蕭瑢聽了這話似很是意外,不解道:“哦?可我記得,張大人曾自稱是沈家的人?”
沈家與宸王府,可走不到一條道上。
當今陛下嫡出,只有三位。
一是魏皇后膝下宸王,二是姜皇后嫡子寧王,三,便是沈皇后所出的嫡幼子。
寧王離京,如今最有資格爭儲的便是嫡長子與嫡幼子。
張爻順自然懂蕭瑢的意思,面不改色道:“臣是曾與沈家有過合作,不過是各取所需罷了,臣只效忠于陛下,但,臣可以是郡王的人。
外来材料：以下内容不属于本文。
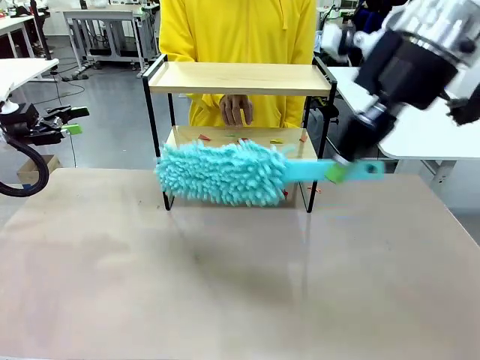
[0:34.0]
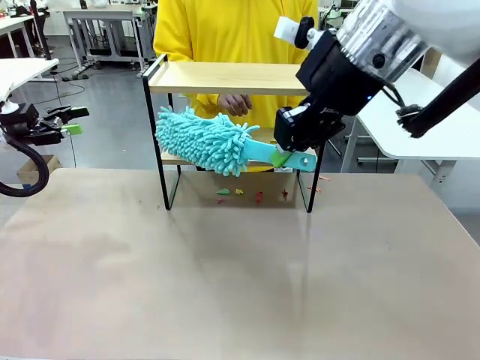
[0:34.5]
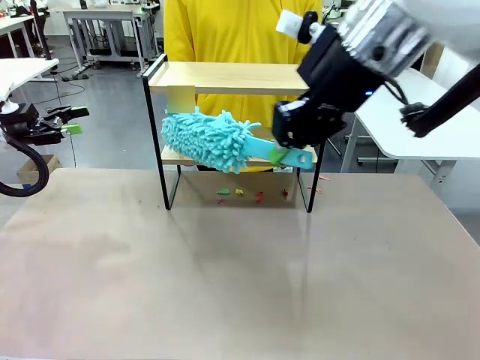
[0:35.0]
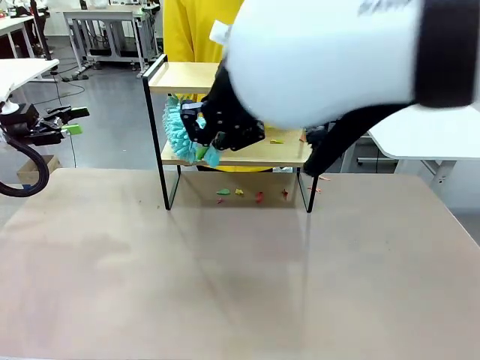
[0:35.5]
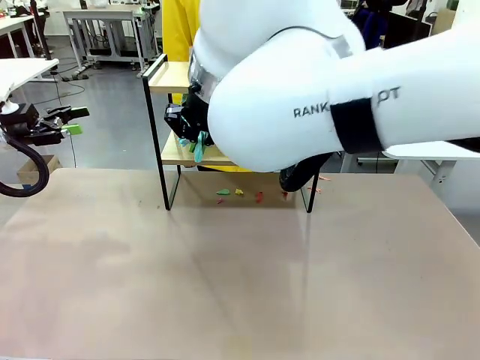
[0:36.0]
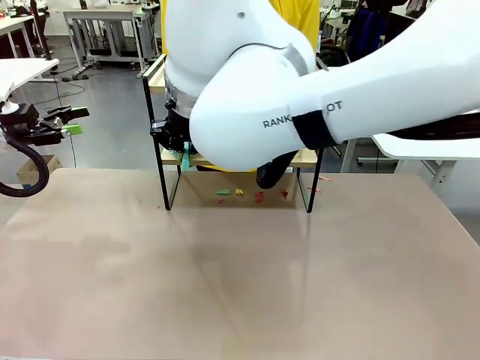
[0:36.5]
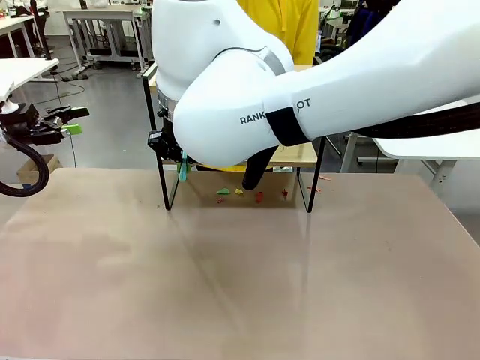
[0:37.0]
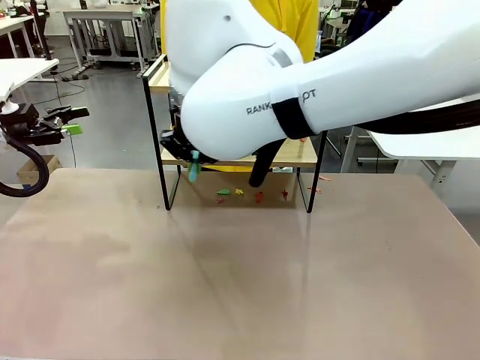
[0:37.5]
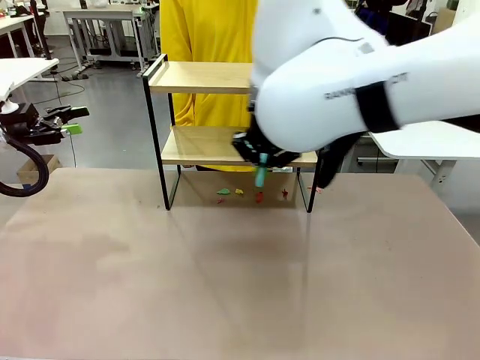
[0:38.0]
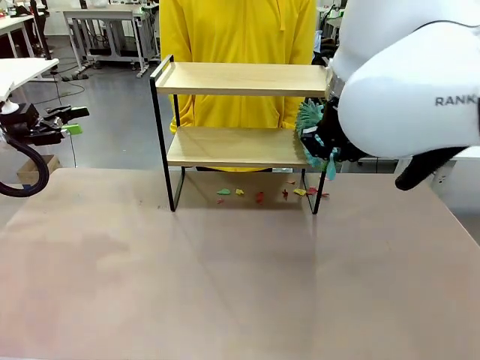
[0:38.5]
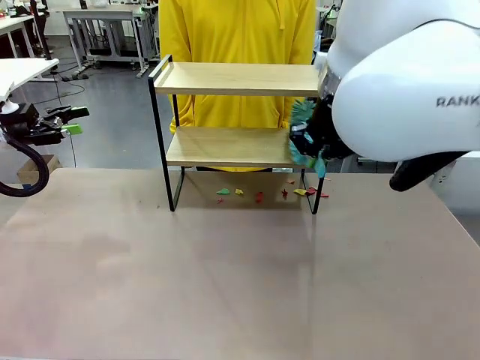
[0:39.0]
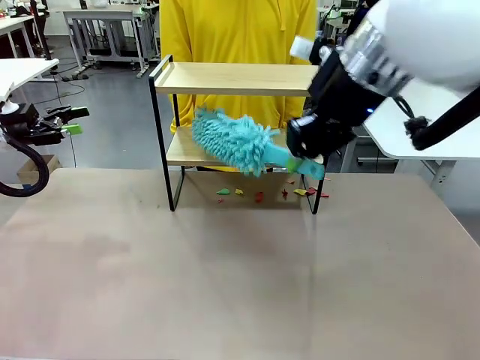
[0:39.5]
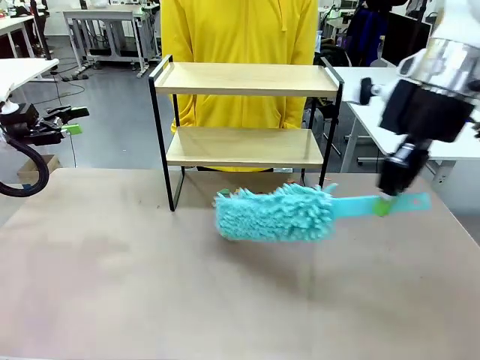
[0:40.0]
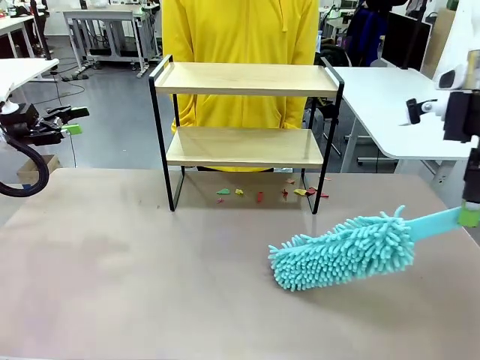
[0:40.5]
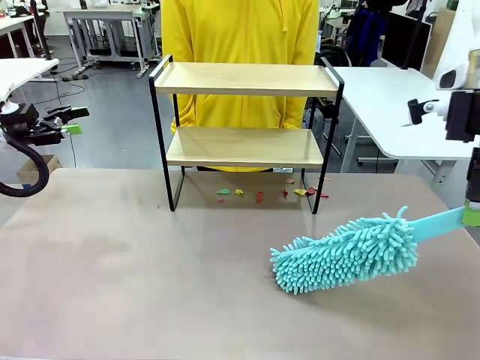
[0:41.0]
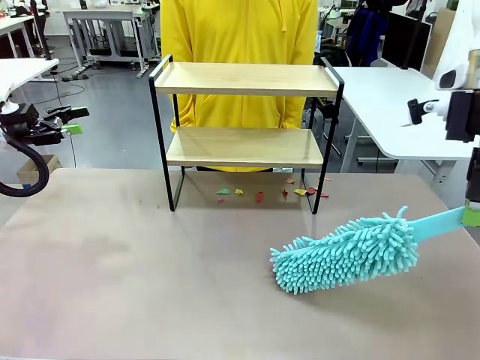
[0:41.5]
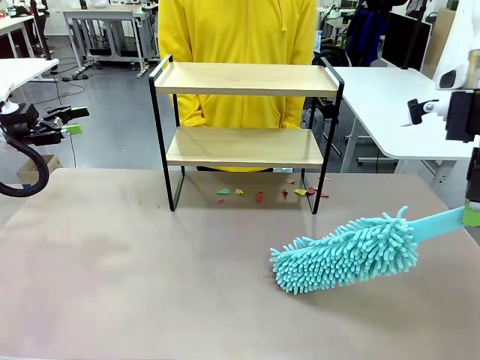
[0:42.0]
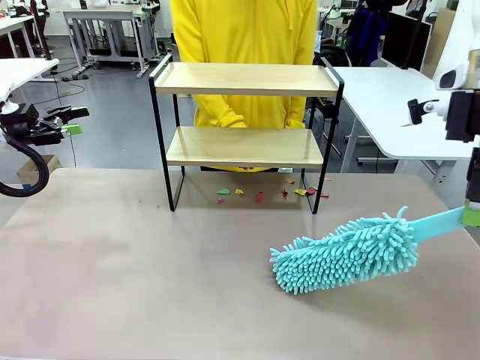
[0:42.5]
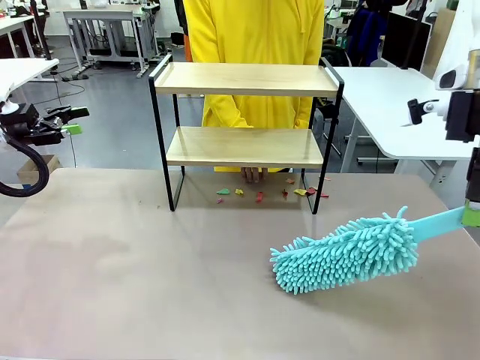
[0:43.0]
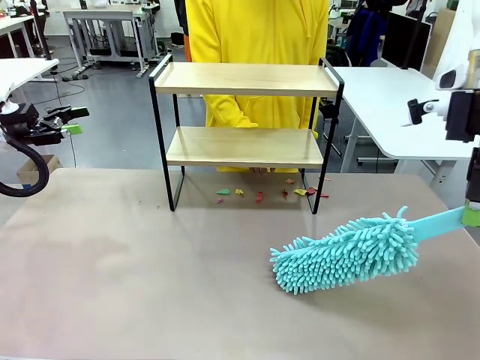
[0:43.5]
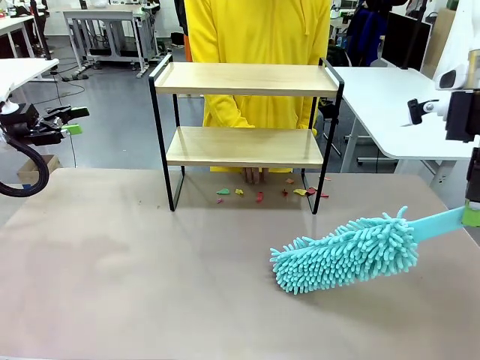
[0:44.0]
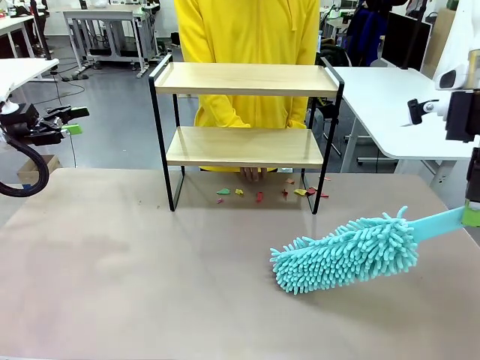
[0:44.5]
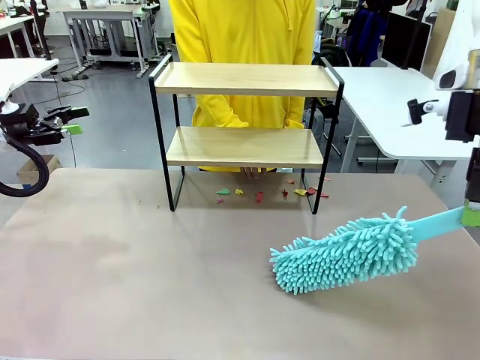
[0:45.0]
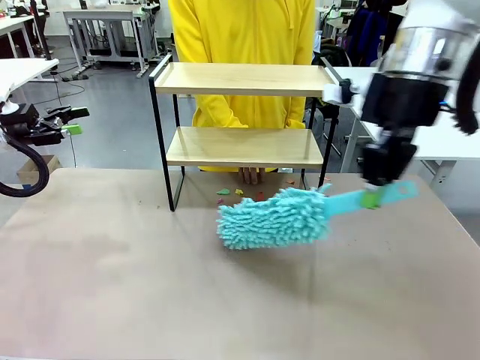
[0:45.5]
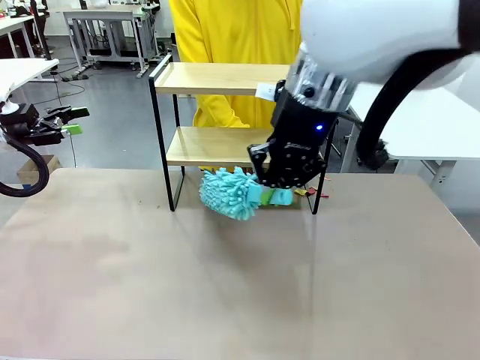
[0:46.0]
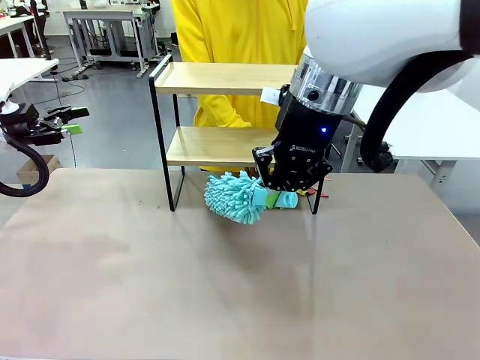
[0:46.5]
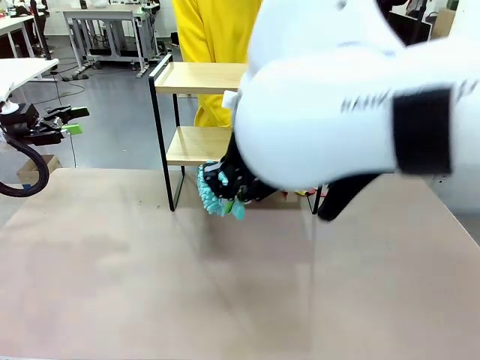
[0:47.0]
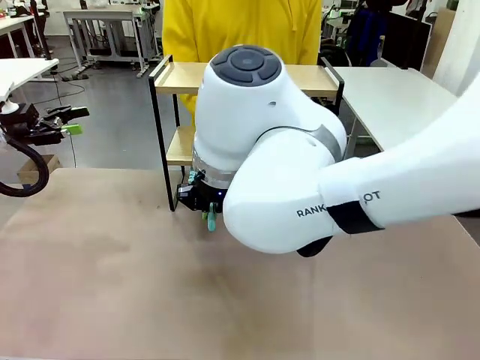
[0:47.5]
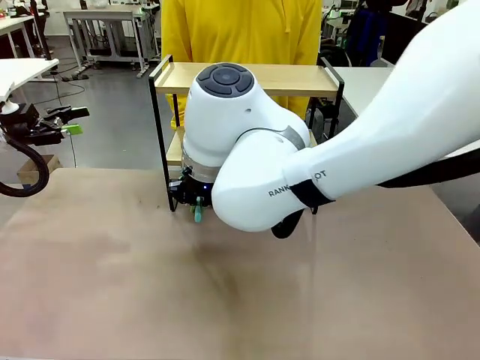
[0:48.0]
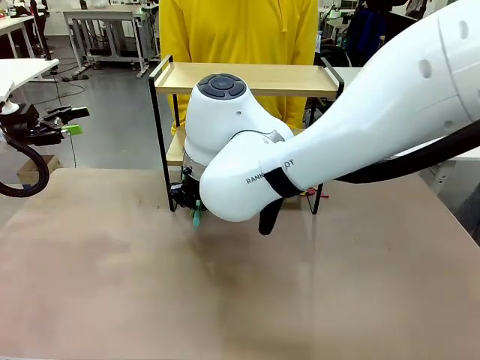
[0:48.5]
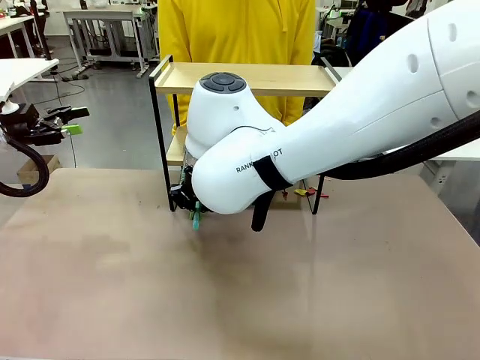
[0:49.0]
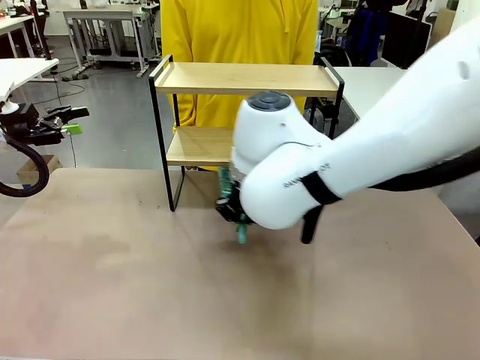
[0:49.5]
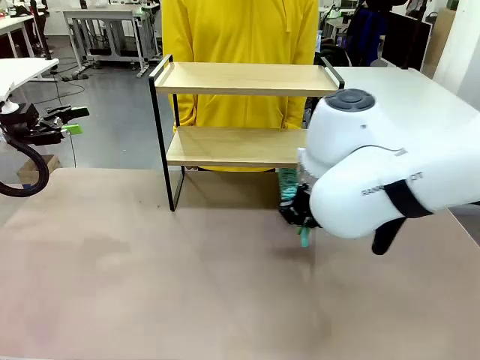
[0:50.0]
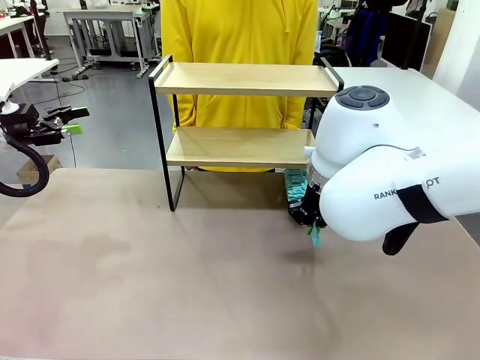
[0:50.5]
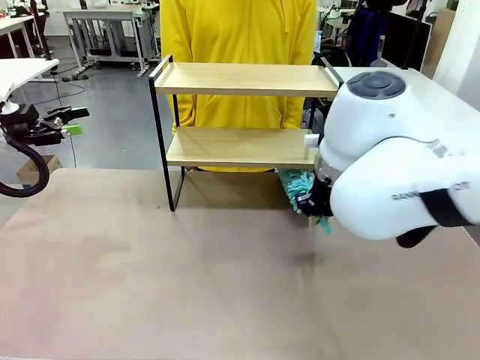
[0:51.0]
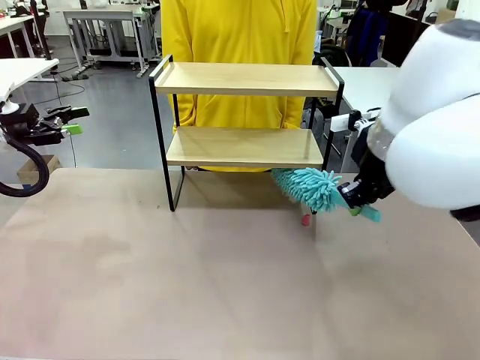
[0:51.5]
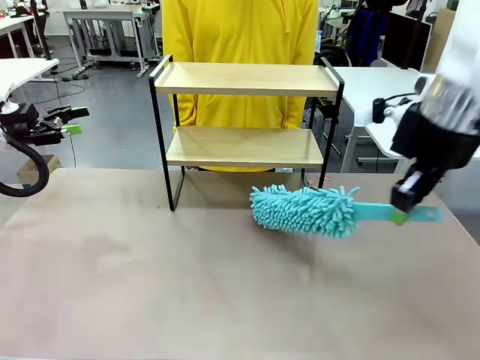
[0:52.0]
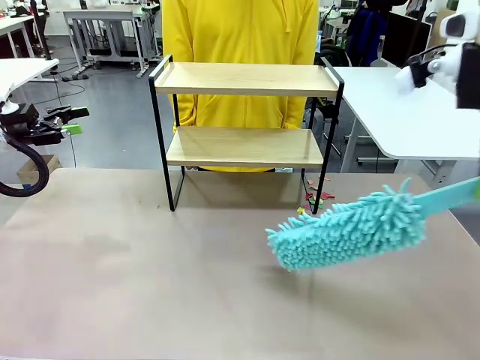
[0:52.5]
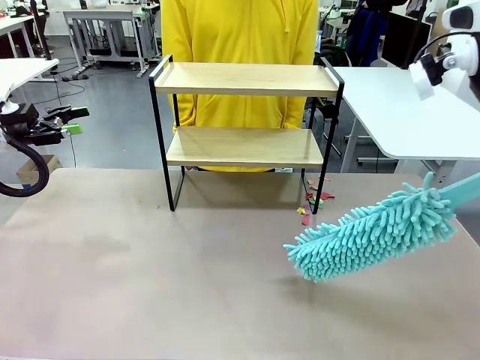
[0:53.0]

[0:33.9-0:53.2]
Task: Clean the shelf.
Robot: Clean the specific section of the Shelf indicated by the human with the Duster.
Person: Point a remaining section of the Shelf.

”
這話就很有些意思了。
只效忠陛下,卻可以是宸王府的人。
蕭瑢眼里興味更濃:“張大人膽子不小,就不怕本郡王以謀逆之罪將你抓了?”
張爻順不僅沒怕,反倒是笑了笑:“臣聽憑郡王處置。”
又是一片長久的沉寂,阿禮無聲地將茶水遞給蕭瑢,蕭瑢捏著茶杯,意有所指道:“張大人起身吧,本郡王無礙,不過是受些皮肉之苦。”
這是回答了張爻順最初的問題。
張爻順眉眼微松,恭敬謝恩后起了身。
他明白,若他方才并未讓郡王滿意,郡王此時給出的便不會這個答案。
畢竟如今外界皆知,郡王遇刺重傷昏迷不醒。
能知道真相的人,只有自己人。
“郡王遇刺,大理寺這邊由臣主要負責查探,郡王可知些線索?”張爻順道。
蕭瑢想了想,道:“江湖殺手。”
“其他的,或許還得張大人親自去審。”
張爻順明白蕭瑢的意思,遂道:“是。”
弓|弩案的線索指向西北,蕭瑢才插手西北餉銀就遇刺。
既然都與西北有關,在一定程度上是可以并案調查的。
恰這時,書房外傳來動靜,是合語過來請郡王至昭和殿用晚膳。
張爻順正要拱手告退,便見蕭瑢在阿禮的攙扶下緩緩起身,淺笑著發出邀約:“今日是我的生辰,張大人既已是自己人,不如就留下一道用晚膳?”
就如同張爻順投誠一樣,這也是明郡王的誠意。
張爻順自不會拒絕:“臣之榮幸,只是今日臣來得急,未帶生辰禮...”
“不急。”蕭瑢抬手打斷他:“不過子時,生辰便未過,張大人還來得及。”
張爻順玲瓏心思,當即便明白過來,沉聲道:“是,臣定在子時前,送郡王一份賀禮。”
蕭瑢淡笑不語。
二人才出書房,等候在廊下的陸知景和蘇蘭照便迎了上來:“可算是出來了,長明你還受著傷呢,有什么事不能過兩日再說。”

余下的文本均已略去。